If on the last day the people you are subscribing to wrote 23 posts, then in yesterday’s bucket your user will have exactly 23 posts. If, for example, there were no new posts in the last 10 days, then no new buckets will be created. So in certain cases, this approach will be very convenient.

The most important drawback of the model is that the generated buckets will be of unpredictable size. For example, on Friday, Friday cobs will post everything, and you will have several hundred entries in your bucket. And the next day everyone is asleep, and your Saturday’s bucket will have 1-2 entries. This is bad because you do not know how many documents you need to read in order to form the necessary part of the tape (even the beginning). And you can trite to exceed the maximum document size of 16MB.

Group by size

If the unpredictability of the size of buckets is critical for your project, then you need to build buckets by the number of entries in them.

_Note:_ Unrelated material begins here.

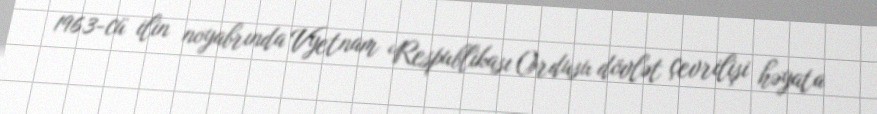
1963-cü ilin noyabrında Vyetnam Respublikası Ordusu dövlət çevrilişi həyata

Example with MongoDB Documents

{
   "_id": ObjectId("...122"),
   "user": "vasya",
   "size": 3,
   "timeline": [
       {"_id": ObjectId("...dc1"), "author": "masha", "post": "How are you?"},
       {"_id": ObjectId("...dd2"), "author": "petya", "post": "Let's go drinking!"},
       {"_id": ObjectId("...da7"), "author": "petya", "post": "Hi, Vasya!"}
   ]
},
{
   "_id": ObjectId("...011"),
   "user": "petya",
   "size": 1,
   "timeline": [
       {"_id": ObjectId("...dc1"), "author": "dimon", "post": "My name is Dimon."}
   ]
}

I will give an example. Set a limit on a bucket of 50 entries. Then we write the first 50 posts in the first bucket of the user. When it comes to the 51st post, create a second bucket for the same user, and write this and the next 50 posts there. Etc. In such a simple way, we solved the problem with an unstable and unpredictable size. But such a model works on recording about 2 times slower than the previous one. This is due to the fact that when recording each new post, it is necessary to check whether we have reached the established limit or not. And if you have reached, then create a new bucket and write in it already.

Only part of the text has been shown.